TransUnion data Shows Rising Payment-to-Income Ratios as Early Warning for Mortgage Delinquencies
Chicago, IL – A new analysis from TransUnion reveals a concerning trend: rising Payment-to-Income (PTI) ratios are emerging as a key indicator of potential mortgage delinquency, offering lenders a crucial window to proactively address borrower financial strain. the findings, released today, suggest lenders can gain up to 12 months of advance warning by monitoring thes trends quarterly.
The research comes at a time of heightened economic pressure, with inflation driving a 10% increase in average non-mortgage balances as 2022. As consumers dedicate a larger portion of their income to debt servicing, their ability to maintain mortgage payments is increasingly vulnerable.
TransUnion’s analysis focuses on the meaning of tracking how much borrowers pay above their minimum due.This behavior, alongside overall PTI trends, provides valuable insight beyond customary delinquency metrics.

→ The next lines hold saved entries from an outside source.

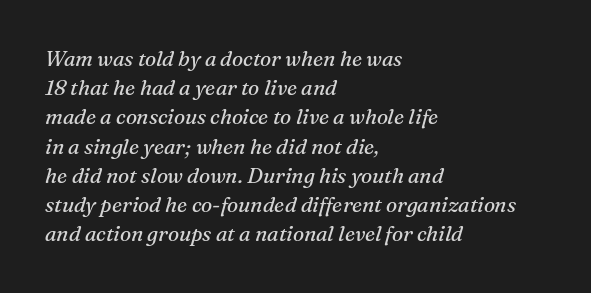
Q: Is the text bold? A: No.
Q: Is the text italic (slanted)? A: Yes, it leans right by about 16 degrees.
Q: Is the text underlined? A: No.
Q: How is the paragraph aligned? A: Left-aligned.
Q: Is the spacing between letters normal or unusually wide? A: Normal.
Q: Is the spacing between lines tight, normal or loose? A: Normal.
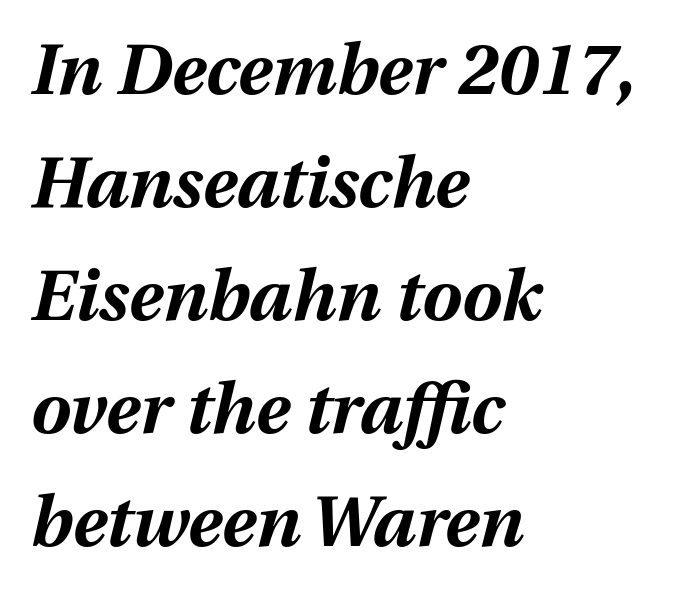
Do the characters align in a grid? No, the font is proportional. The gap between lines stays unmarked. Horizontal alignment here is leftward, the default for most running prose. The rendering uses a moderate line-height, typical for paragraphs. Nothing unusual about the tracking: characters are spaced as the font intends.
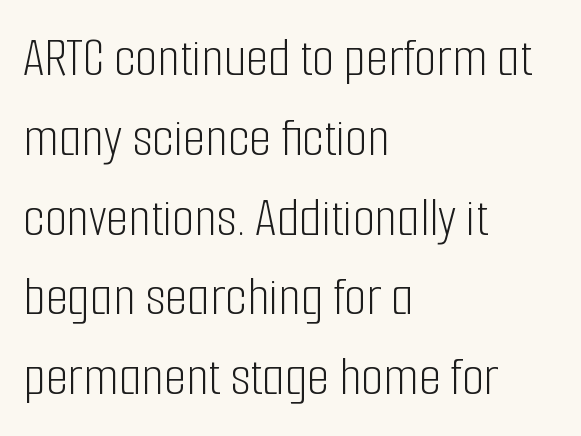
Plain, unruled lines of type. Check where the strokes stop: nothing finishes them off — pure sans. This sample is left-justified, so line endings fall wherever the words run out. When letters stand straight like this, we call the style roman or upright. Regarding leading, the lines here are spaced in the standard way.
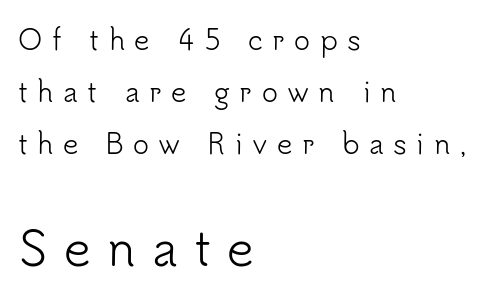
The rendering uses a large line-height, opening up the rows. Every character sits straight up, as roman type does. Compared with a centered layout, this one pins lines to the left instead. Glyph-to-glyph distance is far greater than everyday printed text. The specimen omits any rule beneath the text block's lines. Do the characters align in a grid? No, the font is proportional.
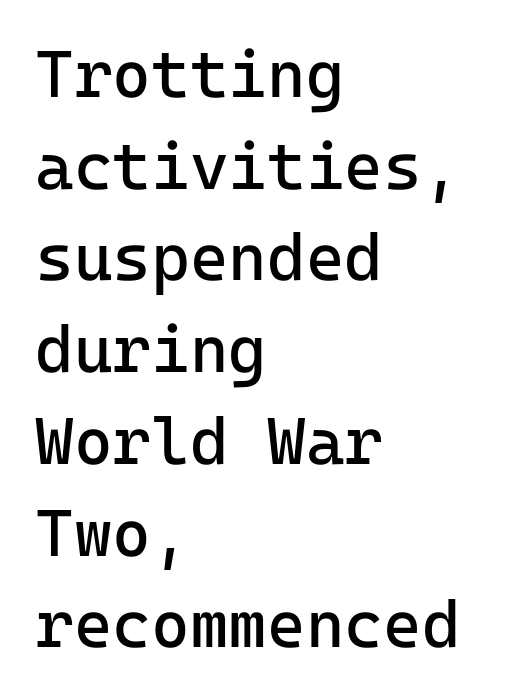
Tall strokes in this sample are plumb rather than angled. The strokes are not fattened; the text isn't bold. Descenders are the only things crossing below the line. The glyphs in this specimen are sans serif.
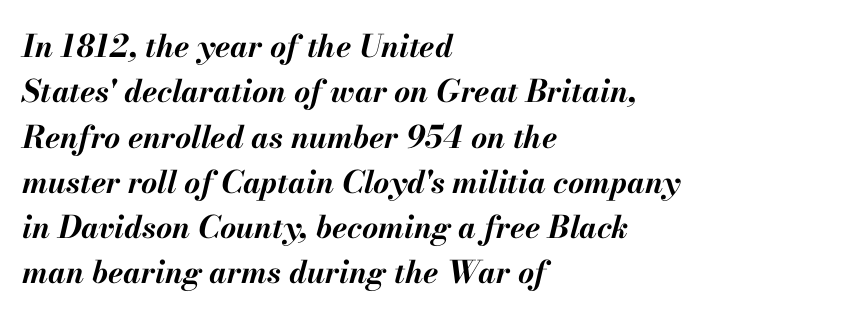
Q: Is the text bold? A: Yes.
Q: Is the text italic (slanted)? A: Yes, it leans right by about 13 degrees.
Q: Is the text underlined? A: No.
Q: How is the paragraph aligned? A: Left-aligned.
Q: Is the spacing between letters normal or unusually wide? A: Normal.
Q: Is the spacing between lines tight, normal or loose? A: Normal.
Q: Width (condensed, normal, or wide)? A: Normal.
Q: Stroke contrast? A: Medium.
Q: x-height? A: Small.
Q: Monospaced? A: No.
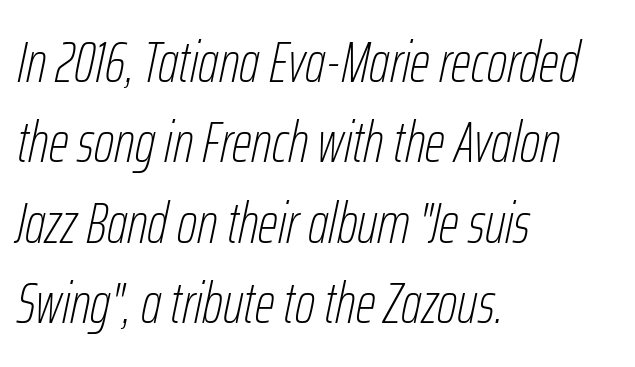
Left-aligned paragraph, ragged on the right. Successive baselines arrive at the customary interval. It's the slanting kind of type. Note the varied advance widths — an 'i' is clearly narrower than an 'm'.
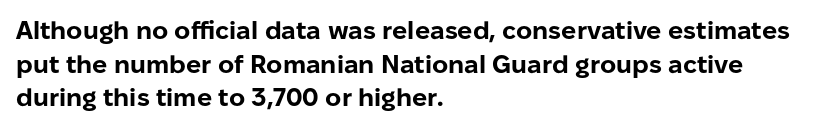
Students, note that the glyphs here touch the page at normal intervals. Chunky letters — that's bold for sure. Descenders are the only things crossing below the line. Notice how the passage keeps a crisp vertical edge on the left only.
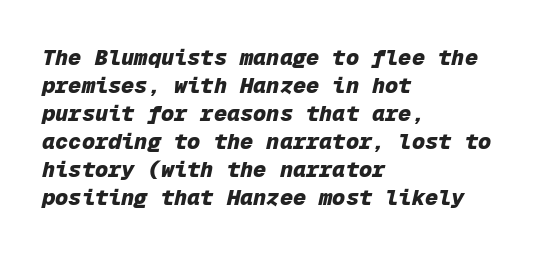
Q: Is the text bold? A: Yes.
Q: Is the text italic (slanted)? A: Yes, it leans right by about 12 degrees.
Q: Is the text underlined? A: No.
Q: How is the paragraph aligned? A: Left-aligned.
Q: Is the spacing between letters normal or unusually wide? A: Normal.
Q: Is the spacing between lines tight, normal or loose? A: Normal.
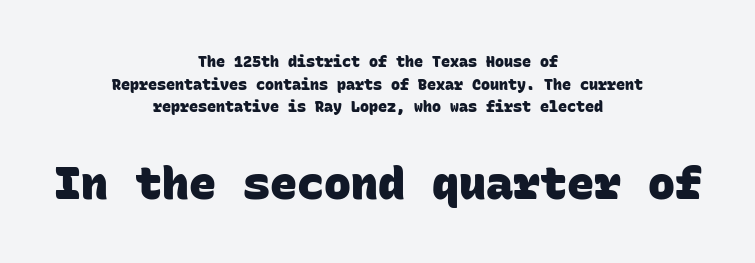
Q: Is the text bold? A: Yes.
Q: Is the typeface a serif or a sans-serif typeface? A: Sans-serif.
Q: Is the text underlined? A: No.
Q: How is the paragraph aligned? A: Centered.
Q: Is the spacing between letters normal or unusually wide? A: Normal.
Q: Is the spacing between lines tight, normal or loose? A: Normal.
Q: Which block of text is set in a larger size, the first (top) or the second (bottom)? A: The second (bottom) one.
Q: Width (condensed, normal, or wide)? A: Normal.
Q: Stroke contrast? A: Low.
Q: x-height? A: Large.
Q: Monospaced? A: Yes.
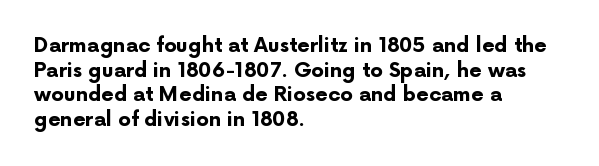
The image shows 20 px bold type, upright; set left-aligned, line spacing 1.23x, normal letter spacing, not underlined.
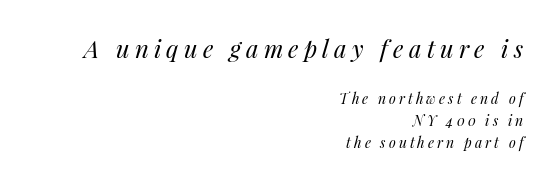
The image shows 24 px text type, italic (leaning right); set right-aligned, normal line spacing (1.55x), unusually wide letter spacing (+0.22 em), not underlined; the first (top) block is 1.71x larger.
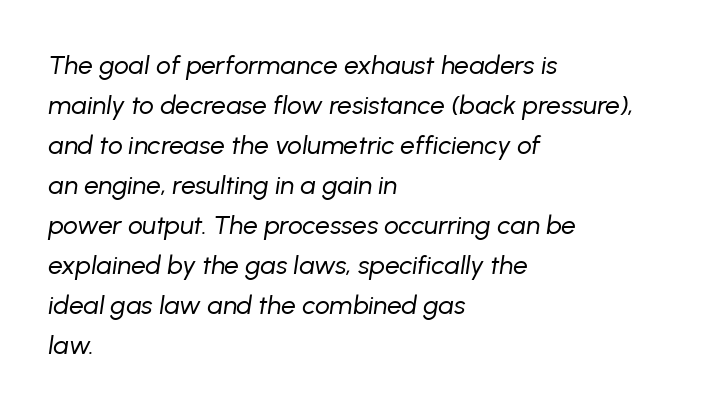
Emphasis-style slanted type is in use. The glyphs are unaccompanied by any horizontal stroke below them. Compared with typical body copy, the letter spacing here is the same. One-word summary of the alignment: left. Summary of vertical rhythm: regular, with standard interline spacing. The font sits on the lighter half of the weight spectrum, regular included.
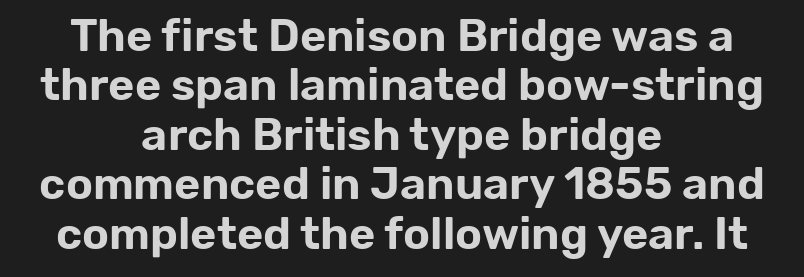
The image shows 45 px sans-serif type, upright; set centered, tight line spacing (1.1x), normal letter spacing, not underlined; low stroke contrast and a medium x-height.
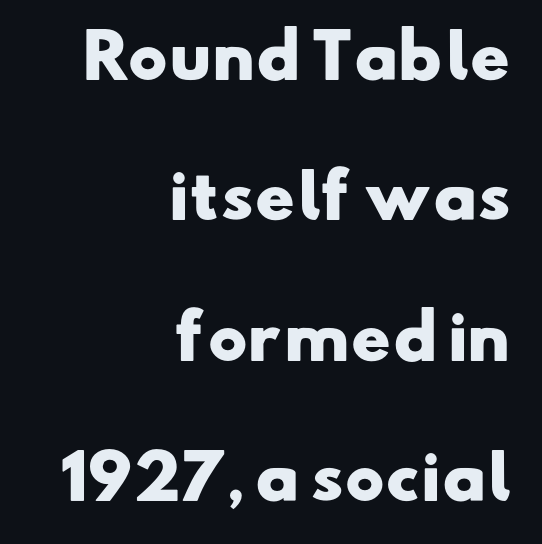
{"serif": "no", "bold": "yes", "weight": "heavy", "width": "wide", "stroke_contrast": "low", "x_height": "small", "monospaced": "no", "underline": "no", "align": "right", "line_spacing": "loose", "line_spacing_ratio": 2.34, "letter_spacing": "normal", "letter_spacing_em": 0.0, "glyph_px": 60}
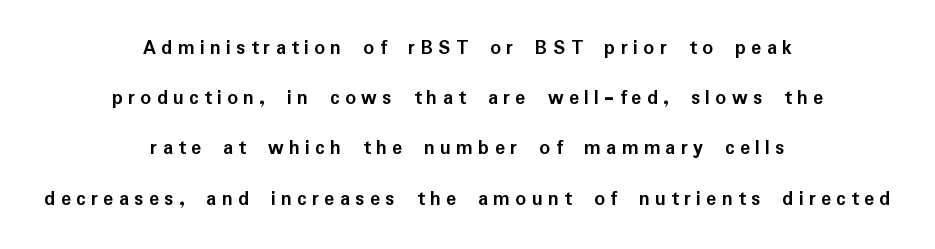
{"italic": "no", "bold": "yes", "underline": "no", "align": "center", "line_spacing": "loose", "line_spacing_ratio": 2.39, "letter_spacing": "wide", "letter_spacing_em": 0.25, "glyph_px": 21}
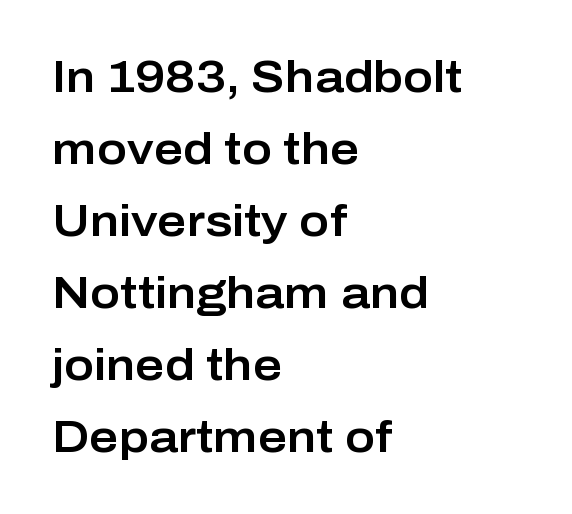
{"serif": "no", "italic": "no", "width": "normal", "stroke_contrast": "low", "x_height": "medium", "monospaced": "no", "underline": "no", "align": "left", "line_spacing": "normal", "line_spacing_ratio": 1.6, "letter_spacing": "normal", "letter_spacing_em": 0.0, "glyph_px": 45}
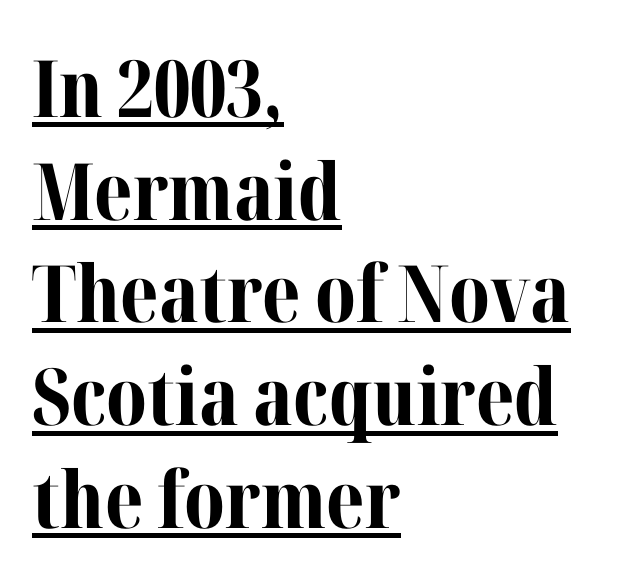
Q: Is the text bold? A: Yes.
Q: Is the text italic (slanted)? A: No, it is upright.
Q: Is the typeface a serif or a sans-serif typeface? A: Serif.
Q: Is the text underlined? A: Yes.
Q: How is the paragraph aligned? A: Left-aligned.
Q: Is the spacing between letters normal or unusually wide? A: Normal.
Q: Is the spacing between lines tight, normal or loose? A: Normal.
Q: Width (condensed, normal, or wide)? A: Normal.
Q: Stroke contrast? A: Medium.
Q: x-height? A: Medium.
Q: Monospaced? A: No.

The company’s TruVision portfolio management tool is designed to leverage this data, enabling lenders to identify at-risk borrowers and offer tailored solutions like counseling or payment plans.
“These innovative insights can help pinpoint consumers who are at a higher likelihood of becoming delinquent and enable lenders to proactively contact and work with consumers at heightened risk of default,” explained Satyan Merchant, senior vice president and auto and mortgage business leader at TransUnion.
While the U.S. consumer credit market currently demonstrates overall stability with growth in key lending categories, the observed increase in mortgage delinquencies signals a potential broadening of financial stress. TransUnion emphasizes the importance of PTI monitoring as a vital tool for navigating the evolving credit landscape.
The company’s “Information for Good” mission is reflected in its continued development of data-driven solutions like TruVision, aiming to foster economic opportunity and empower consumers. By proactively identifying and addressing potential issues, lenders can mitigate losses while simultaneously supporting borrowers in maintaining financial stability.
TransUnion’s findings underscore the value of advanced analytics in mortgage risk management, offering a forward-looking approach to protecting both lender portfolios and homeowner financial well-being.